- Opening Delimiter -

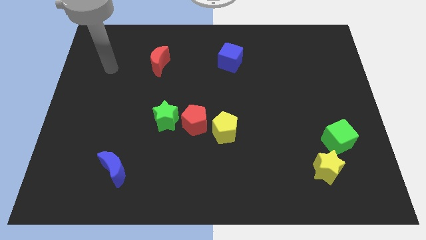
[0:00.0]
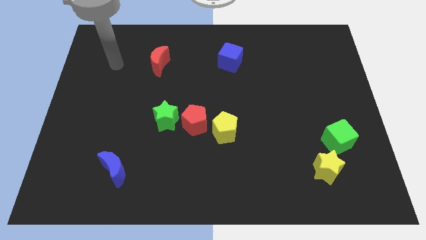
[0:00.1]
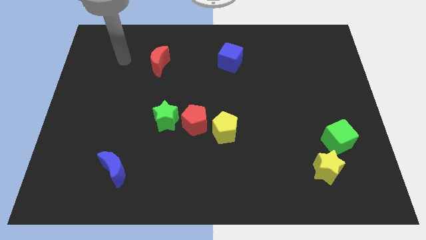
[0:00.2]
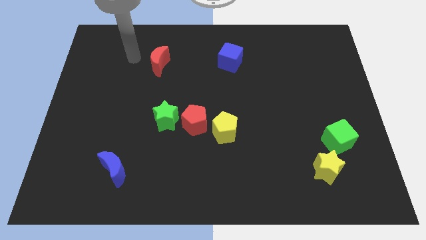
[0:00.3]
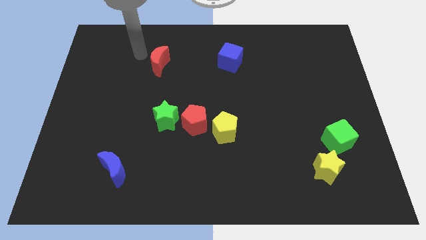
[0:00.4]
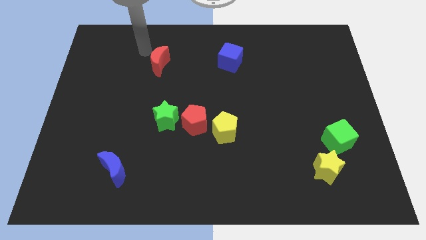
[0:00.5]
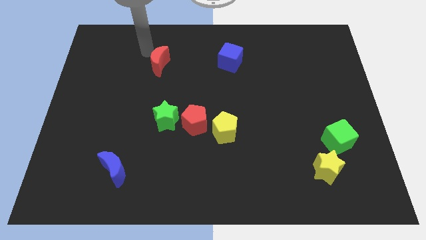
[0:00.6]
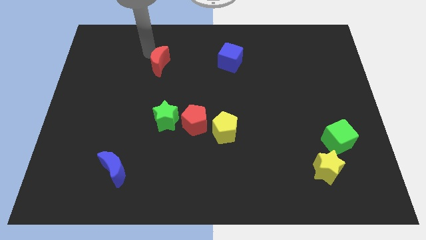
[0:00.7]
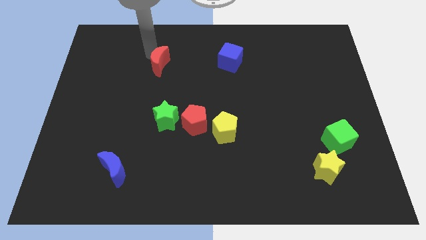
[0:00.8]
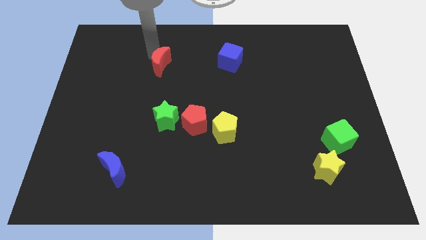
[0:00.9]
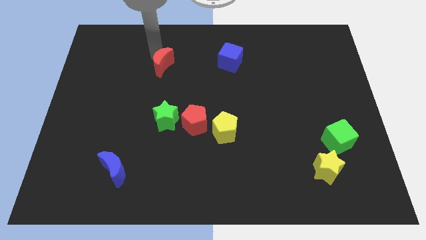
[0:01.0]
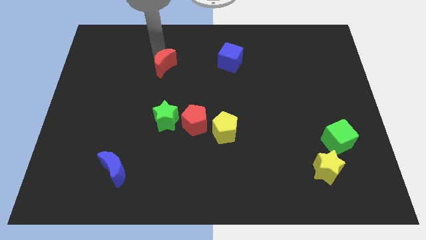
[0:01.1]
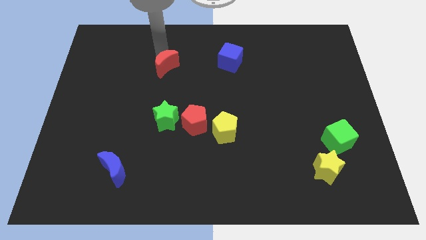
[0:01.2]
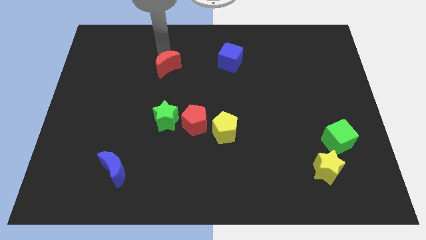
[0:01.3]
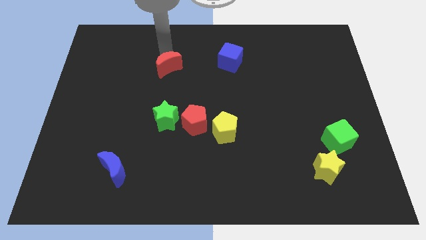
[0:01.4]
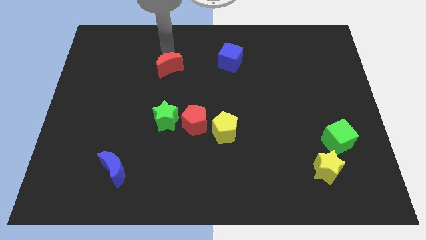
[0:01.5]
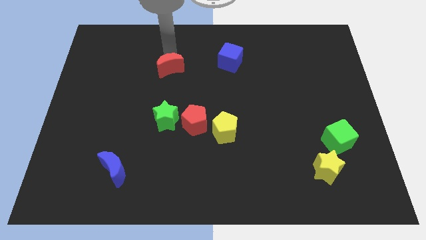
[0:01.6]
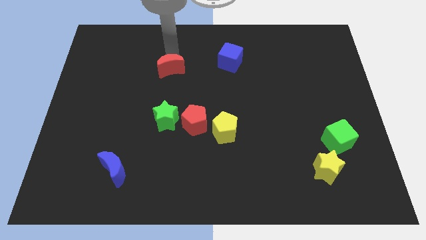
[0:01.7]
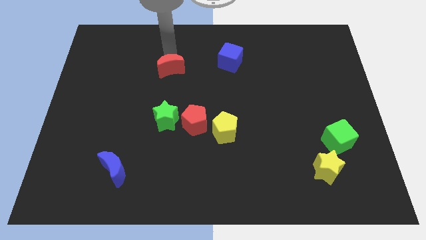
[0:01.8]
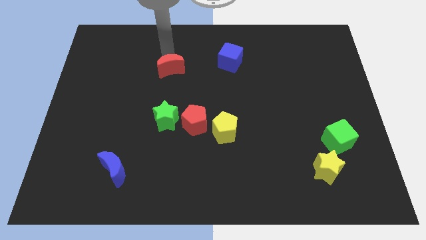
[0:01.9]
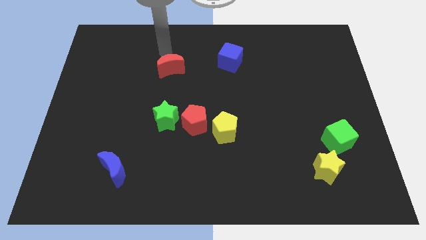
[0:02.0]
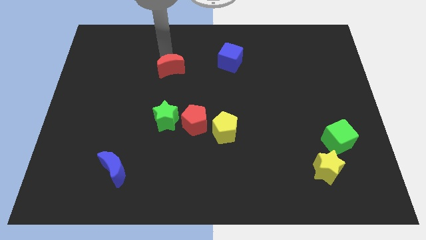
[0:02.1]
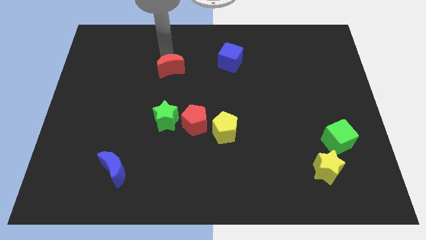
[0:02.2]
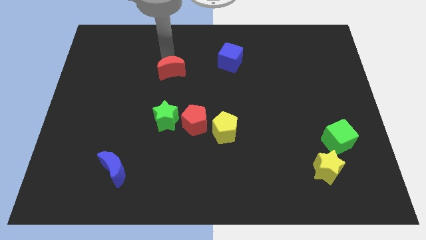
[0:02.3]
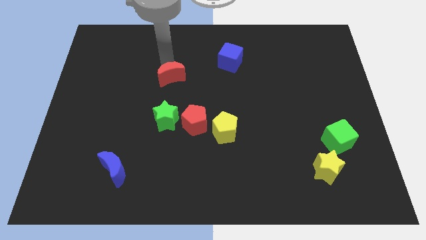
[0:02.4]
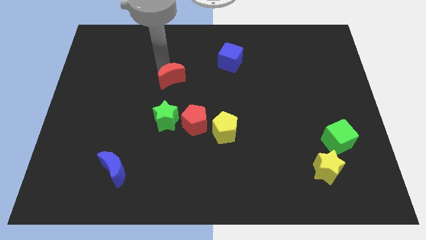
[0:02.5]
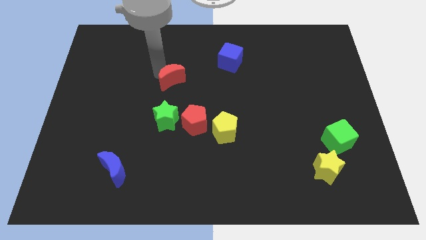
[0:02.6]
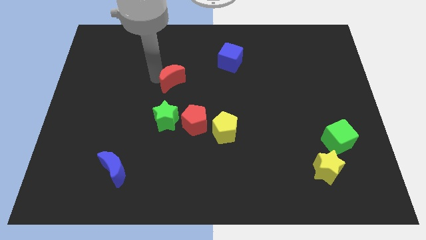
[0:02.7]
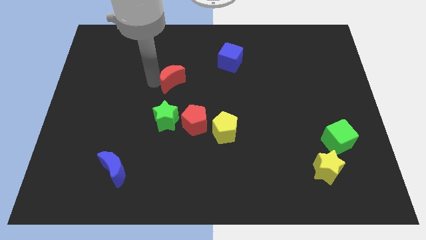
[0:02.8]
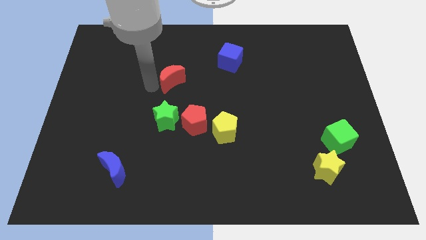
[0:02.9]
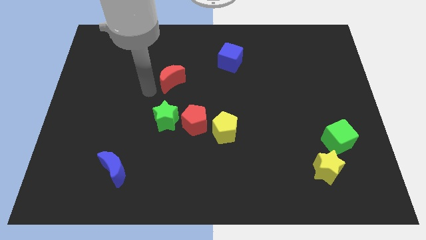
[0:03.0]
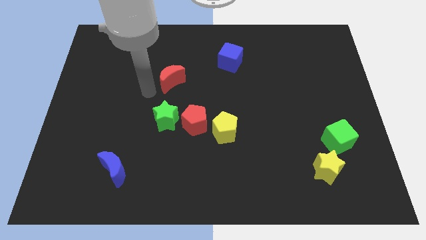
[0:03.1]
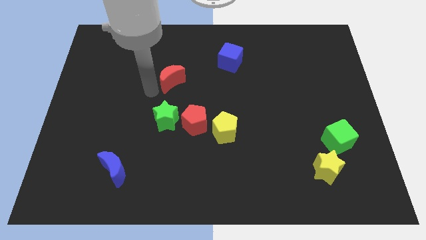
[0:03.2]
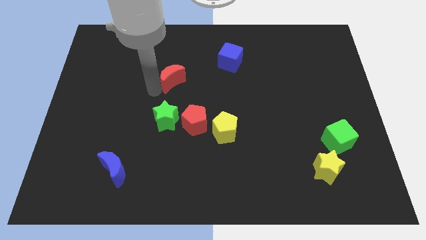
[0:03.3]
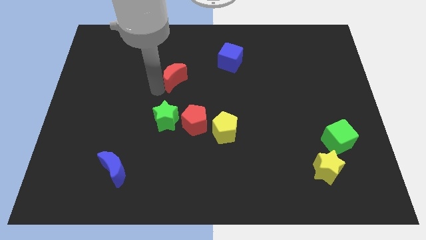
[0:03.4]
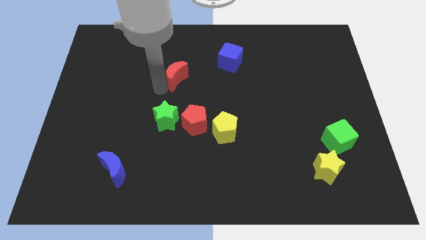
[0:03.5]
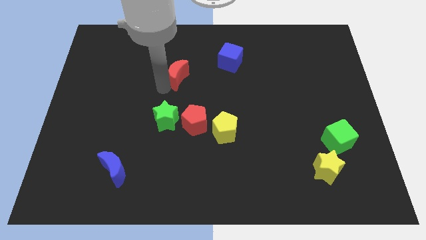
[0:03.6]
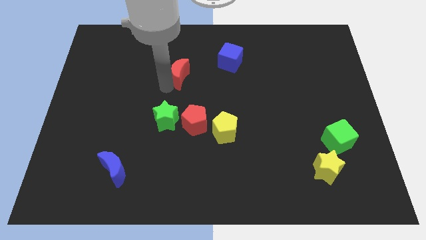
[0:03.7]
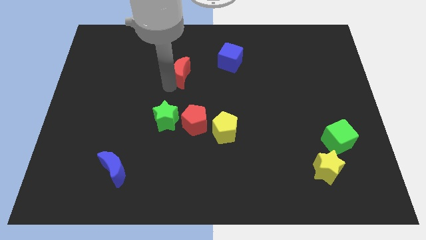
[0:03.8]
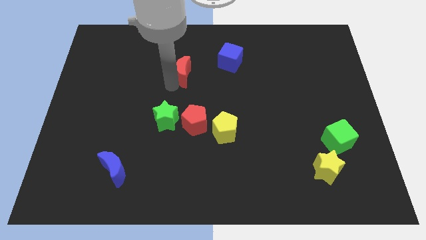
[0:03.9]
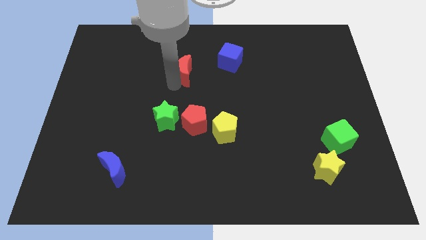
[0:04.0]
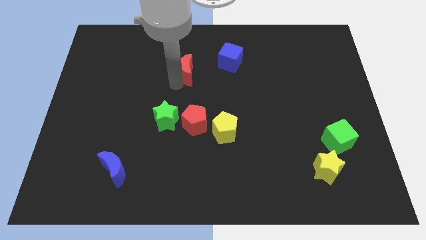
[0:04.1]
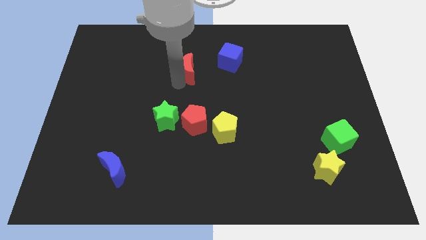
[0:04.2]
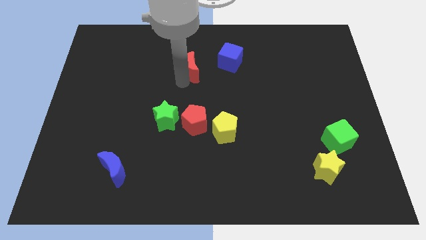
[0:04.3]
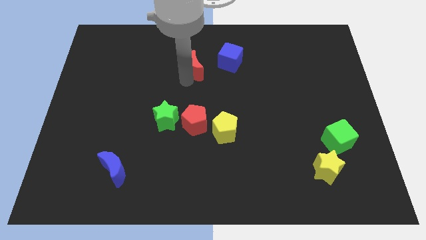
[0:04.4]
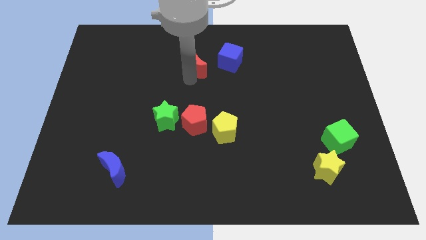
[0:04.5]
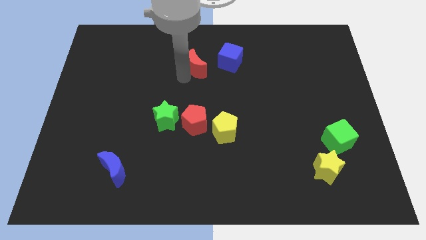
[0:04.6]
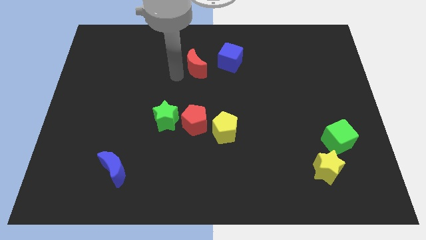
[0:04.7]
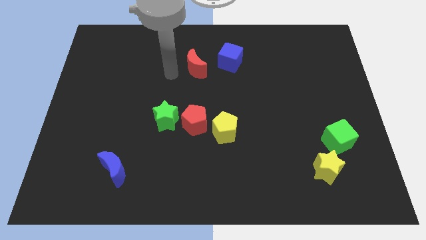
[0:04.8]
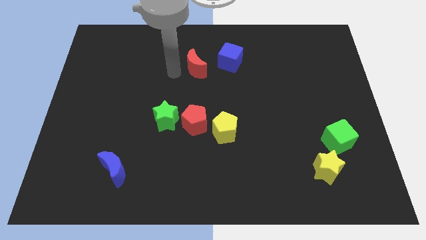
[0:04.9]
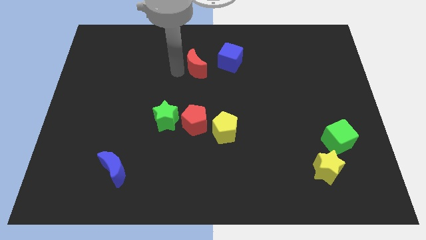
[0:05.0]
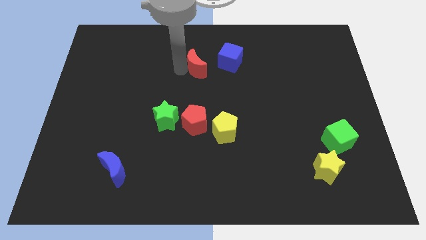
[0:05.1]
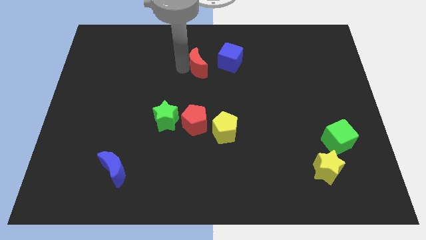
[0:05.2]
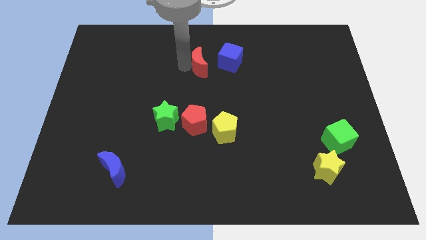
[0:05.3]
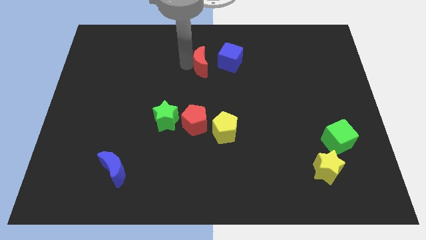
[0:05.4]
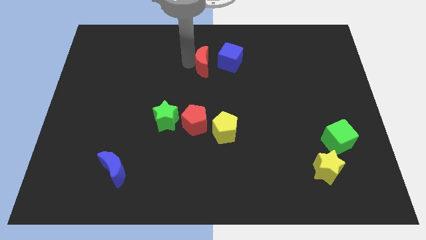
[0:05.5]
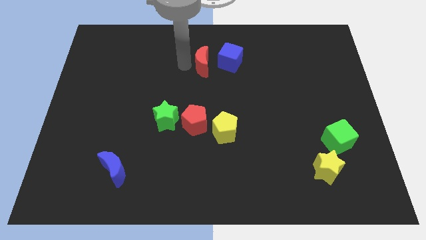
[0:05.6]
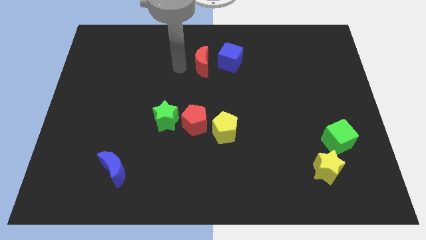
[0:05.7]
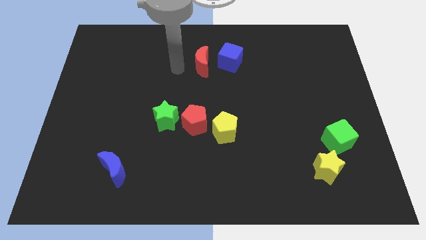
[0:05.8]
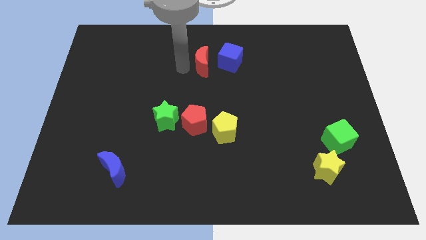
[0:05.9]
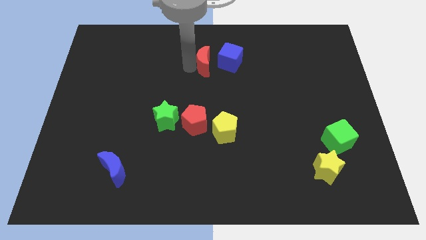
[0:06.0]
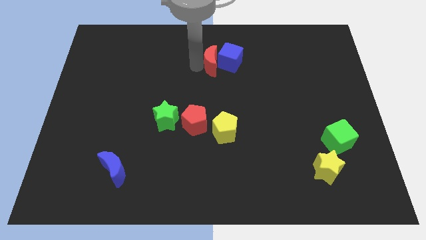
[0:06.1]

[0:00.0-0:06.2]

- Closing Delimiter -

_Task statement_:
Would you please retype the material above exactly and leave out each picture?

_Result of the task_:
[0:00.0]
[0:00.1]
[0:00.2]
[0:00.3]
[0:00.4]
[0:00.5]
[0:00.6]
[0:00.7]
[0:00.8]
[0:00.9]
[0:01.0]
[0:01.1]
[0:01.2]
[0:01.3]
[0:01.4]
[0:01.5]
[0:01.6]
[0:01.7]
[0:01.8]
[0:01.9]
[0:02.0]
[0:02.1]
[0:02.2]
[0:02.3]
[0:02.4]
[0:02.5]
[0:02.6]
[0:02.7]
[0:02.8]
[0:02.9]
[0:03.0]
[0:03.1]
[0:03.2]
[0:03.3]
[0:03.4]
[0:03.5]
[0:03.6]
[0:03.7]
[0:03.8]
[0:03.9]
[0:04.0]
[0:04.1]
[0:04.2]
[0:04.3]
[0:04.4]
[0:04.5]
[0:04.6]
[0:04.7]
[0:04.8]
[0:04.9]
[0:05.0]
[0:05.1]
[0:05.2]
[0:05.3]
[0:05.4]
[0:05.5]
[0:05.6]
[0:05.7]
[0:05.8]
[0:05.9]
[0:06.0]
[0:06.1]

[0:00.0-0:06.2]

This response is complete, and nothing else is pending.